### Data under study
■ ■ ■ ■
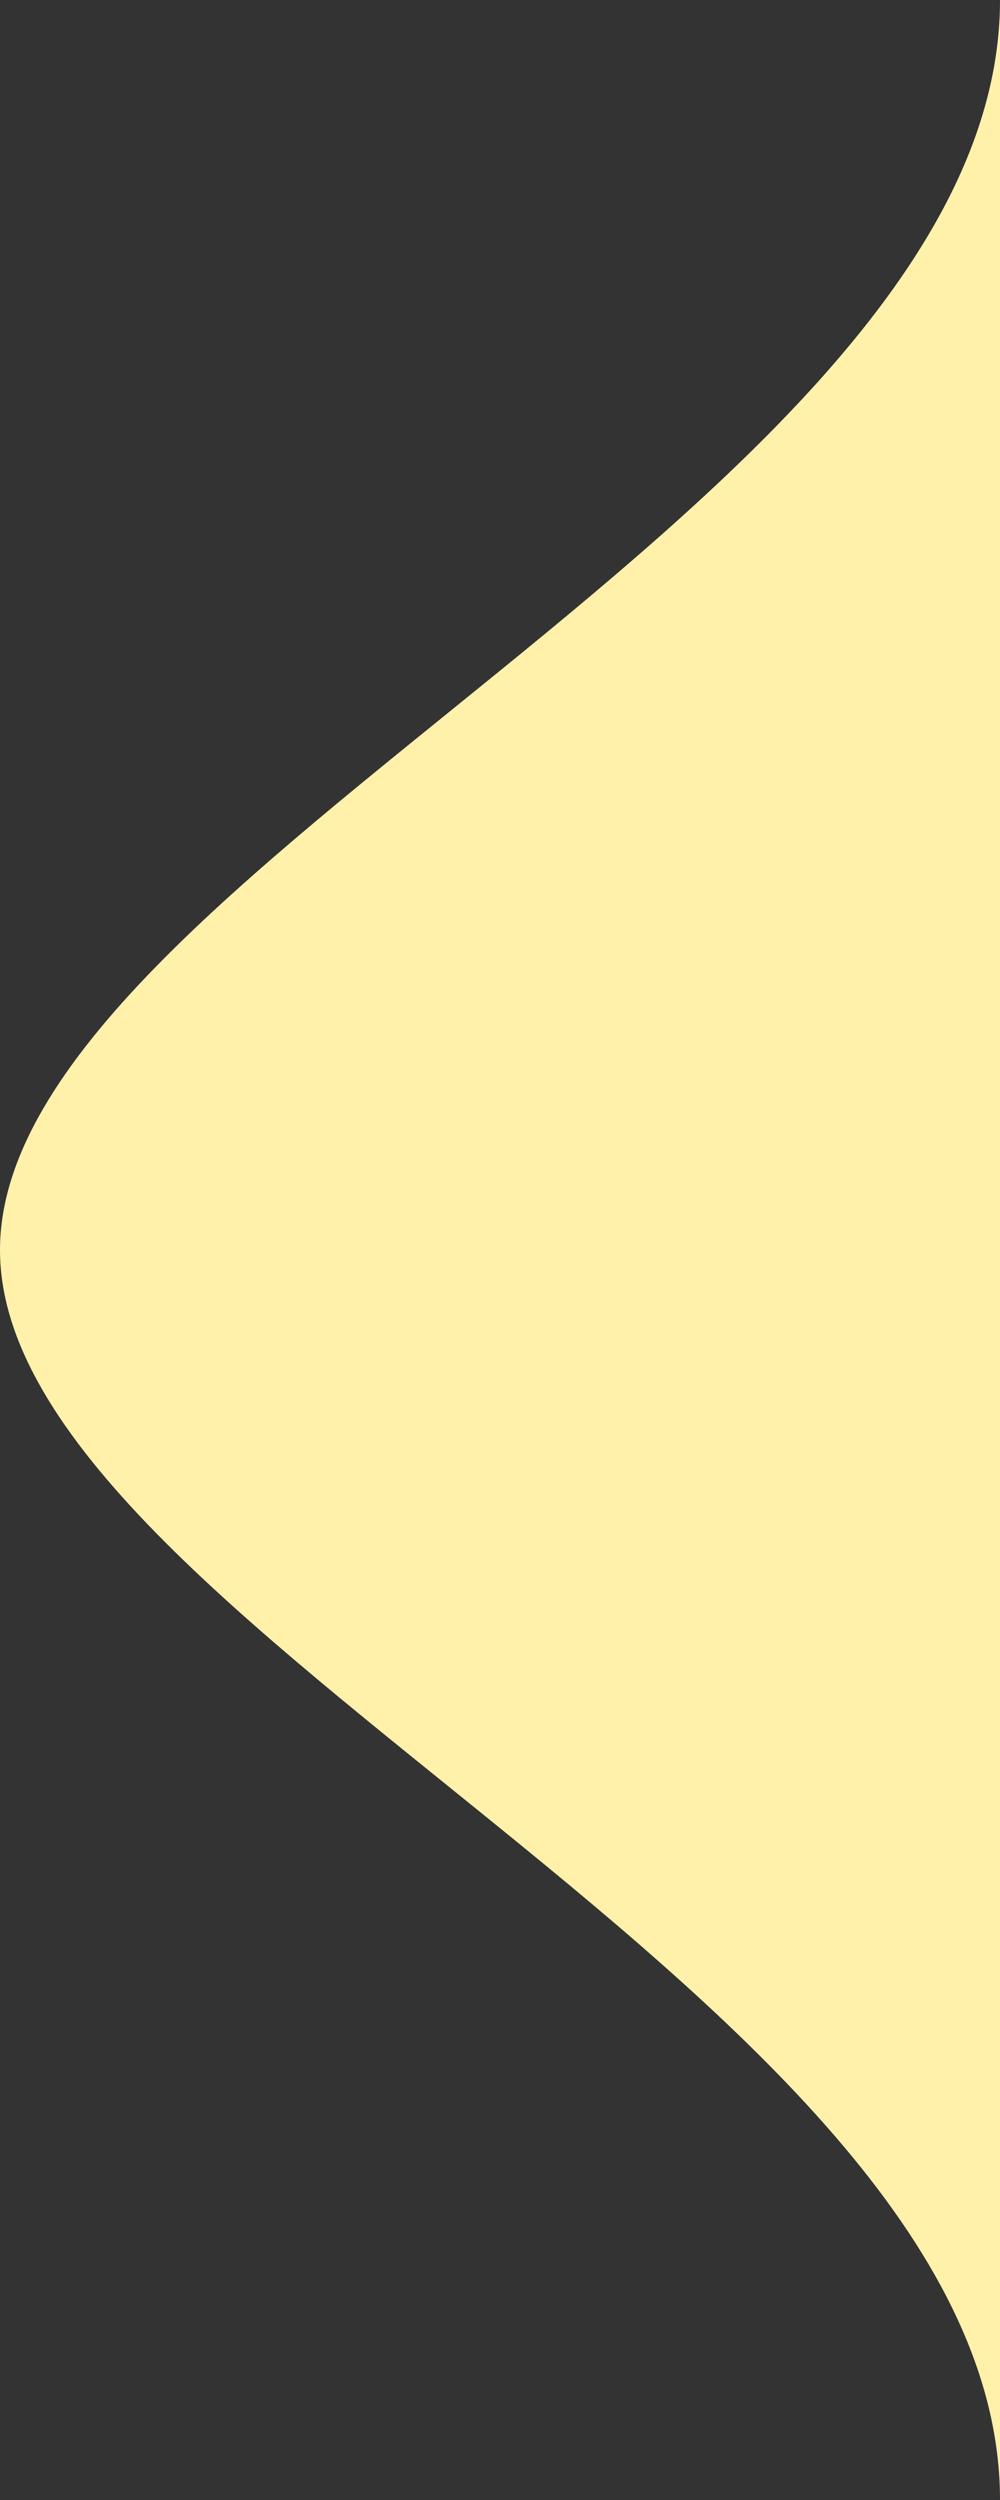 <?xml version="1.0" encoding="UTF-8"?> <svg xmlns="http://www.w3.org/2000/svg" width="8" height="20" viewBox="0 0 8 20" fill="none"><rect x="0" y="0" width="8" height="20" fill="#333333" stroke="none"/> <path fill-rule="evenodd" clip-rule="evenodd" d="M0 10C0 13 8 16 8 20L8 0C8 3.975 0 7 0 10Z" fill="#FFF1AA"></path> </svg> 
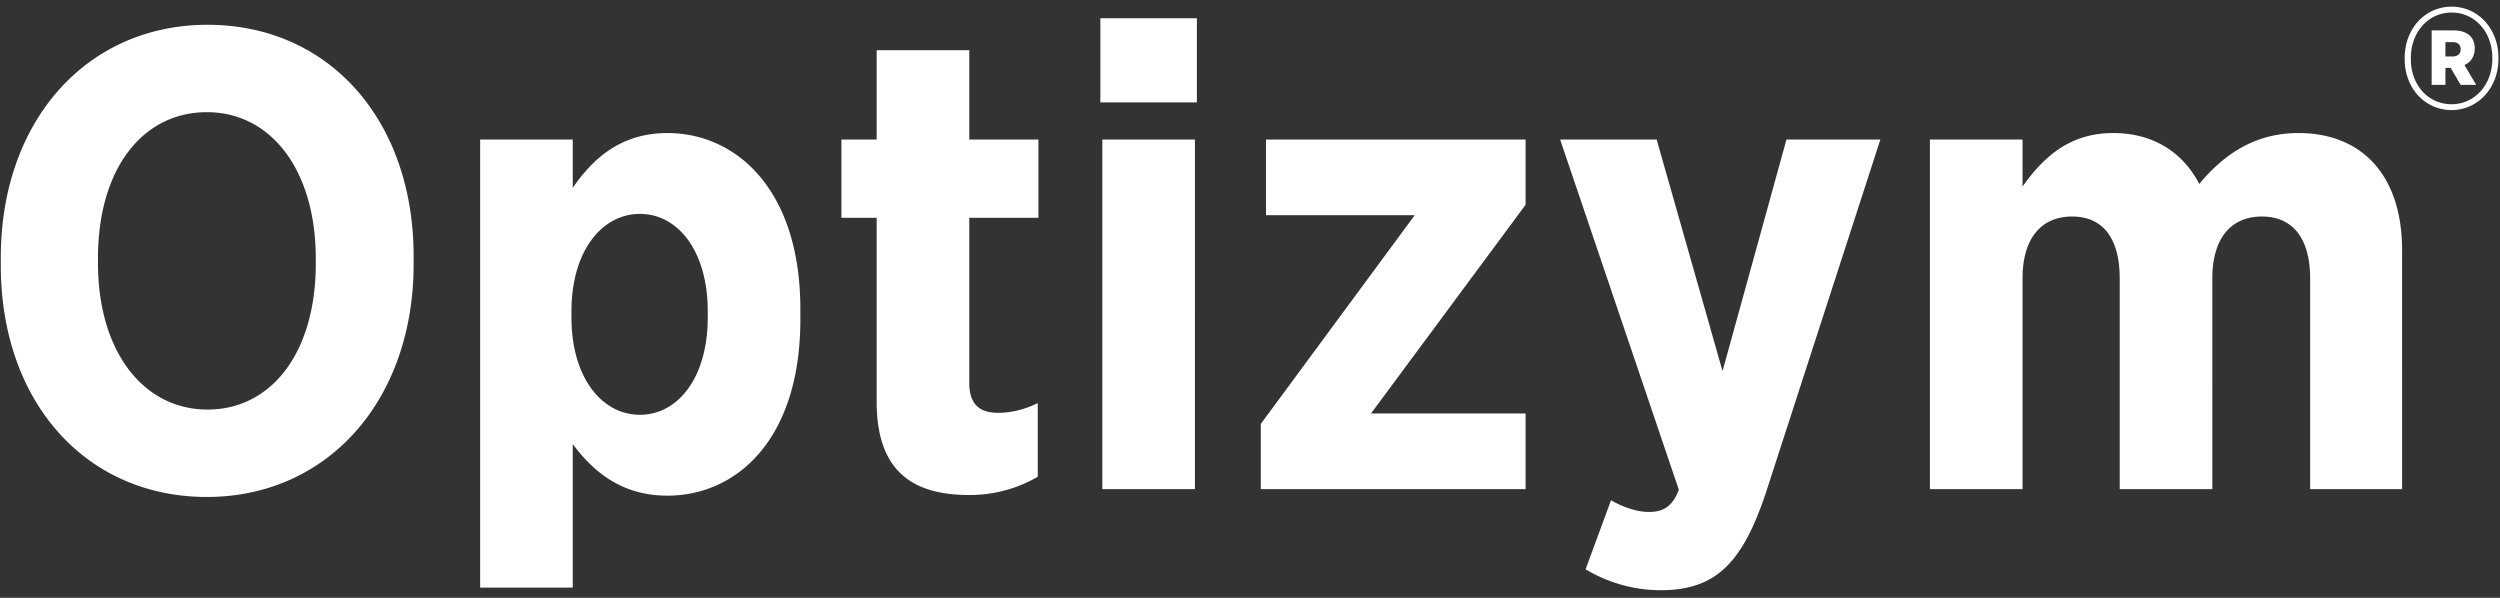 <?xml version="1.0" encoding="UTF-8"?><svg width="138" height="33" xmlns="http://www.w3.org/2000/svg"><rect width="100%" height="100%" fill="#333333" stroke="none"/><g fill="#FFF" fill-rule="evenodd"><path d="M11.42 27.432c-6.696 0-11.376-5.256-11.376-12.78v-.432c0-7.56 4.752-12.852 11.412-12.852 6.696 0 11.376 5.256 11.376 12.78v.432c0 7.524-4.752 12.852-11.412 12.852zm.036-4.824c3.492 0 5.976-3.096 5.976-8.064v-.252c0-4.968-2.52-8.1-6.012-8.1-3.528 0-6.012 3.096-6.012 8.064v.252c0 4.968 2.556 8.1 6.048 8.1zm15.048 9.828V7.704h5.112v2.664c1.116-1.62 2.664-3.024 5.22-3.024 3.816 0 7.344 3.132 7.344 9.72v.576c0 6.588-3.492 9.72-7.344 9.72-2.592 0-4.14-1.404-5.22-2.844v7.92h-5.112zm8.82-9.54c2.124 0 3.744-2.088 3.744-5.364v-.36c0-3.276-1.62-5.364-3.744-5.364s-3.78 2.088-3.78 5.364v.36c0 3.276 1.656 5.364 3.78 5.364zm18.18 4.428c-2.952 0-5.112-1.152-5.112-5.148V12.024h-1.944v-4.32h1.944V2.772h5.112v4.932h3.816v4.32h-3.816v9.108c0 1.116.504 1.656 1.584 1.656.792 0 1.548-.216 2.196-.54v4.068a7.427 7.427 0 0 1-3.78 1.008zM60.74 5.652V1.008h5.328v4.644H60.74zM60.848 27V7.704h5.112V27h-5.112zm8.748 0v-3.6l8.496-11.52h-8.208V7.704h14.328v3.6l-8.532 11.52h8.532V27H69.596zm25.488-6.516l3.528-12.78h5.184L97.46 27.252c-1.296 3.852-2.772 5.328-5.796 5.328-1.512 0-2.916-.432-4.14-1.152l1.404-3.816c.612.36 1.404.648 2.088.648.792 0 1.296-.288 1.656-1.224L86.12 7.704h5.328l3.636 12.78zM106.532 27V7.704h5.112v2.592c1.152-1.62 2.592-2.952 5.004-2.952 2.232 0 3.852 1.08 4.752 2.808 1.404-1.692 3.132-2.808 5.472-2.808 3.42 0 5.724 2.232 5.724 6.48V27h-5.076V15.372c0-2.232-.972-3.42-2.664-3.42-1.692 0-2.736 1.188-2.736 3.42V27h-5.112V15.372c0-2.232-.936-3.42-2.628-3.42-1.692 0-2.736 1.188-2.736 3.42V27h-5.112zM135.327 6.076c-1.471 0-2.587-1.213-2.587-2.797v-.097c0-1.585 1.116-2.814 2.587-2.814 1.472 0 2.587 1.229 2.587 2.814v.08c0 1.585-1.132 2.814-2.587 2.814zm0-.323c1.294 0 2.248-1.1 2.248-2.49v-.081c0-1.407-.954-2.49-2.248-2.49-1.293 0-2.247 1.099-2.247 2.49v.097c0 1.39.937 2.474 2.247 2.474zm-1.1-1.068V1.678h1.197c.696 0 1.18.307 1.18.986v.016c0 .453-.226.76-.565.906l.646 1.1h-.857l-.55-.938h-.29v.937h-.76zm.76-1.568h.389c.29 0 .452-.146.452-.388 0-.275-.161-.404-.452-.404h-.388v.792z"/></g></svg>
■ ■ ■ ■
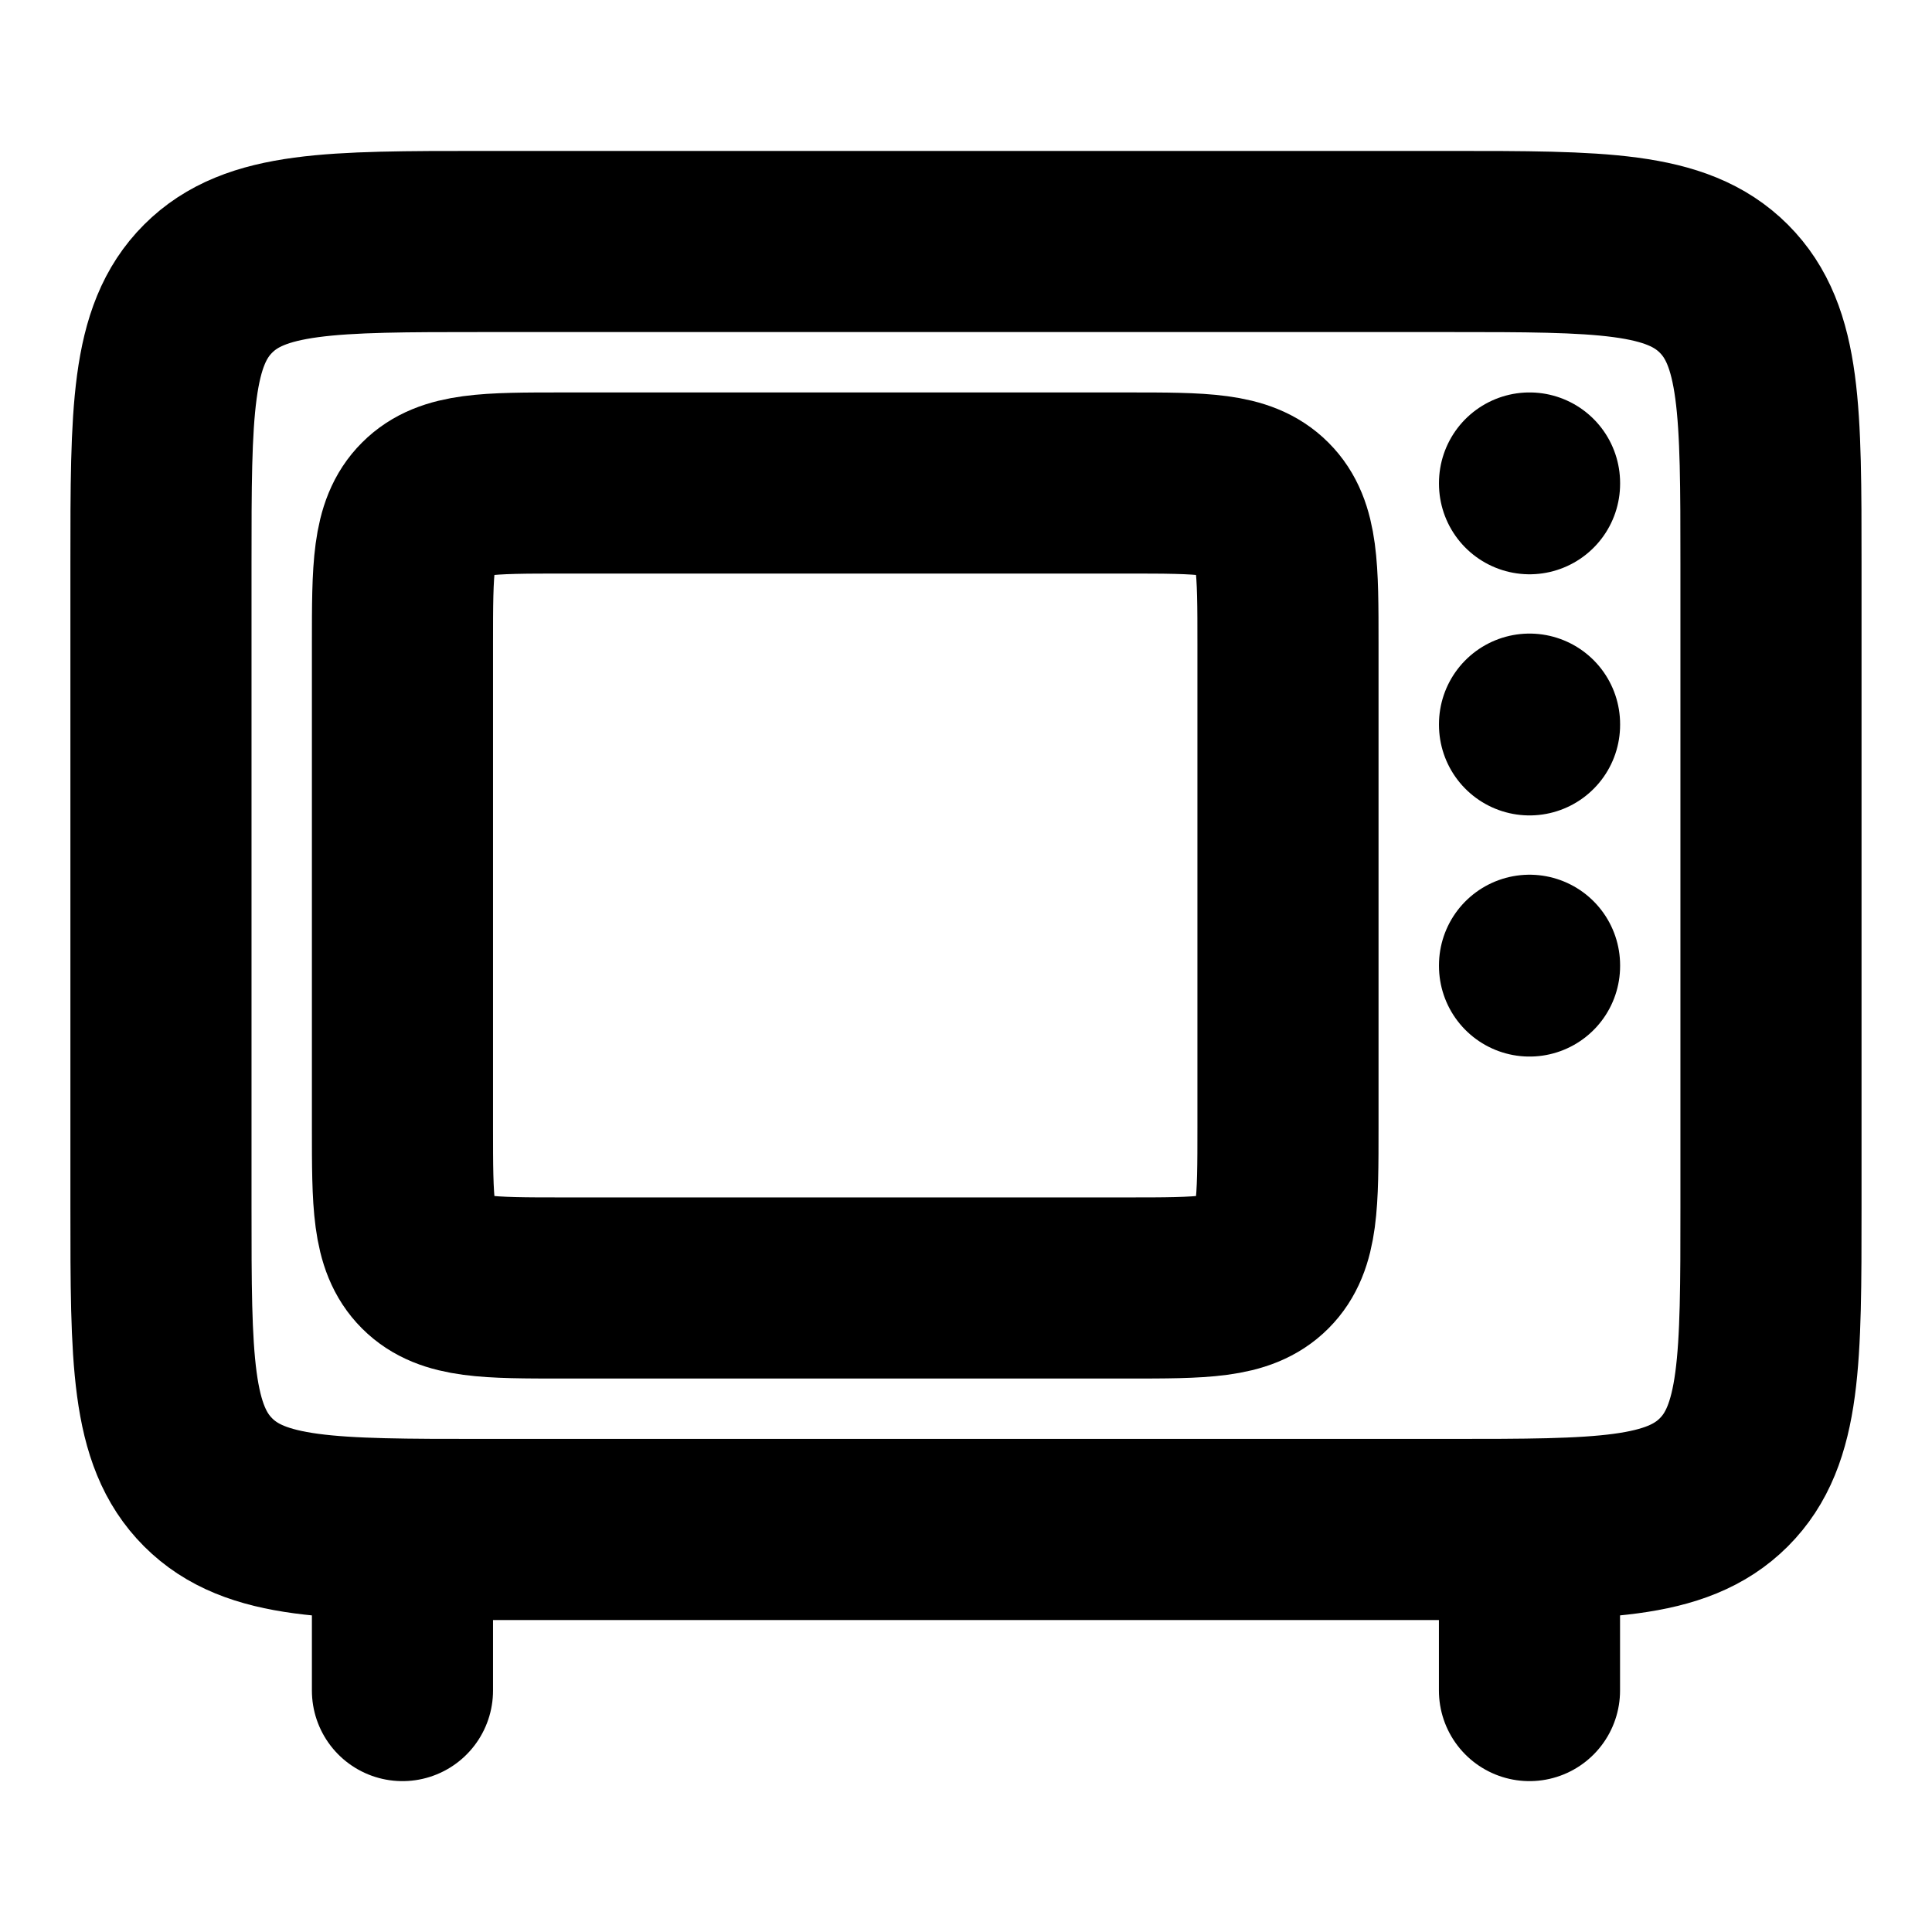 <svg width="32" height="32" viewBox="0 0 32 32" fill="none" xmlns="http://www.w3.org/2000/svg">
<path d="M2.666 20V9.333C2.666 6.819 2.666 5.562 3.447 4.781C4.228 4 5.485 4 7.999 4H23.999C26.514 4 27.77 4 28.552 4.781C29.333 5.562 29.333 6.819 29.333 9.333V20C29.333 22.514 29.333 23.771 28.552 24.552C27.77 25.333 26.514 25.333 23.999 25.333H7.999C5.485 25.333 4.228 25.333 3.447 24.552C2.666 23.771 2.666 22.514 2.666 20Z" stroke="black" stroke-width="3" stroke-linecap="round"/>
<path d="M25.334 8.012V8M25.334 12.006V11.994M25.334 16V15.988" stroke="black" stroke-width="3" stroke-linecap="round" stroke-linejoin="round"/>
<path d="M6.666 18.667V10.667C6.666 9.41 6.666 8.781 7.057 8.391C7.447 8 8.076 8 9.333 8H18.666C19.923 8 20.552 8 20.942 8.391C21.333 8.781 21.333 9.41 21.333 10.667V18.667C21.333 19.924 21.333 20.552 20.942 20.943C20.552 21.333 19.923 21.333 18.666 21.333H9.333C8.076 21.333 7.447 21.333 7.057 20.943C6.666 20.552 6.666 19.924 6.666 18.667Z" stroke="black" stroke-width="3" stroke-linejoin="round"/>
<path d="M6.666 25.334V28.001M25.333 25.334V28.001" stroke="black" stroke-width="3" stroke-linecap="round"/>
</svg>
■ ■ ■ ■
### What you need to do
Only the lines from the one containing "20V9.333C2.666 6.819 2.666" through the one containing "18.667V10.667C6.666 9.41 6.666" are to be retyped, both boundary lines included, with no other material.

### Task solution
<path d="M2.666 20V9.333C2.666 6.819 2.666 5.562 3.447 4.781C4.228 4 5.485 4 7.999 4H23.999C26.514 4 27.77 4 28.552 4.781C29.333 5.562 29.333 6.819 29.333 9.333V20C29.333 22.514 29.333 23.771 28.552 24.552C27.77 25.333 26.514 25.333 23.999 25.333H7.999C5.485 25.333 4.228 25.333 3.447 24.552C2.666 23.771 2.666 22.514 2.666 20Z" stroke="black" stroke-width="3" stroke-linecap="round"/>
<path d="M25.334 8.012V8M25.334 12.006V11.994M25.334 16V15.988" stroke="black" stroke-width="3" stroke-linecap="round" stroke-linejoin="round"/>
<path d="M6.666 18.667V10.667C6.666 9.41 6.666 8.781 7.057 8.391C7.447 8 8.076 8 9.333 8H18.666C19.923 8 20.552 8 20.942 8.391C21.333 8.781 21.333 9.41 21.333 10.667V18.667C21.333 19.924 21.333 20.552 20.942 20.943C20.552 21.333 19.923 21.333 18.666 21.333H9.333C8.076 21.333 7.447 21.333 7.057 20.943C6.666 20.552 6.666 19.924 6.666 18.667Z" stroke="black" stroke-width="3" stroke-linejoin="round"/>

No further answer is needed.